The most common reason for lost global cache blocks is a faulty private network, i.e. one that is dropping packets. If global cache lost blocks are seen as a problem, then work with the network administrator to ensure the switch is valid, cables are secure and seated properly, firmware levels are up to date, and that other network configuration issues are not a problem. The network administrator should be able to use network tools like netstat and anything else in their arsenal to check for dropped packets on the private network.
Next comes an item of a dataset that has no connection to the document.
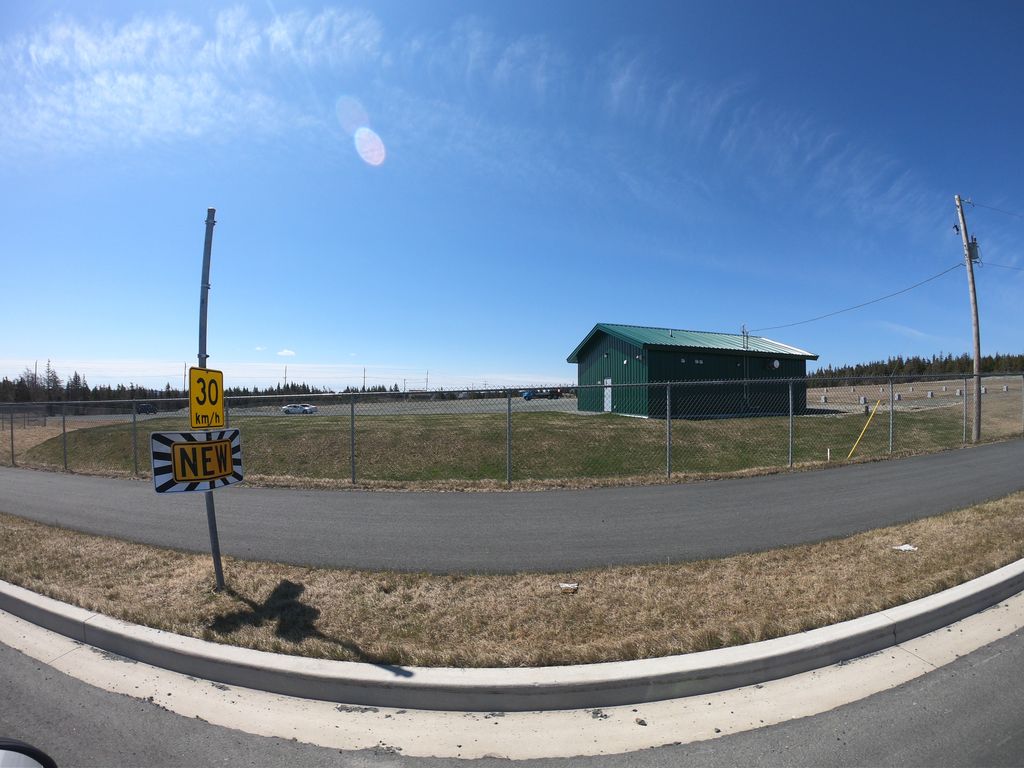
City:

[root@host01 ~]# netstat ?su
IcmpMsg:
InType0: 91
InType3: 723
InType8: 23
OutType0: 23
OutType3: 928
OutType8: 103
Udp:
664034038 packets received
983 packets to unknown port received.
20080 packet receive errors
654621700 packets sent
UdpLite:
IpExt:
InMcastPkts: 18041
OutMcastPkts: 8745
InBcastPkts: 102377
OutBcastPkts: 119
InOctets: 4678332299675
OutOctets: 2652878623355
InMcastOctets: 1401313
OutMcastOctets: 636504
InBcastOctets: 19312376
OutBcastOctets: 49090
The netstat utility is reporting UDP packet receive errors, indicating global cache lost block transfers for this node of the cluster. In addition to verifying the hardware is correct, the network administrator should investigate the following:
Private network is truly private
Oversaturated bandwidth due to too much traffic on the network
Quality of Service (QoS) settings that may be downgrading performance
Incorrect Jumbo Frames configuration
Multiple hops between the nodes and the private network switch
Mismatched MTU settings between devices
Mismatch in duplex mode settings between devices
Incorrect bonding/teaming configuration
If everything on the network side checks out, then look to sizing the UDP settings to have larger socket sizes as discussed in the previous section of this chapter. Global cache lost blocks are not always a network issue. After the network has been verified and UDP socket sizes are correct, look to see if CPU resources are in short supply.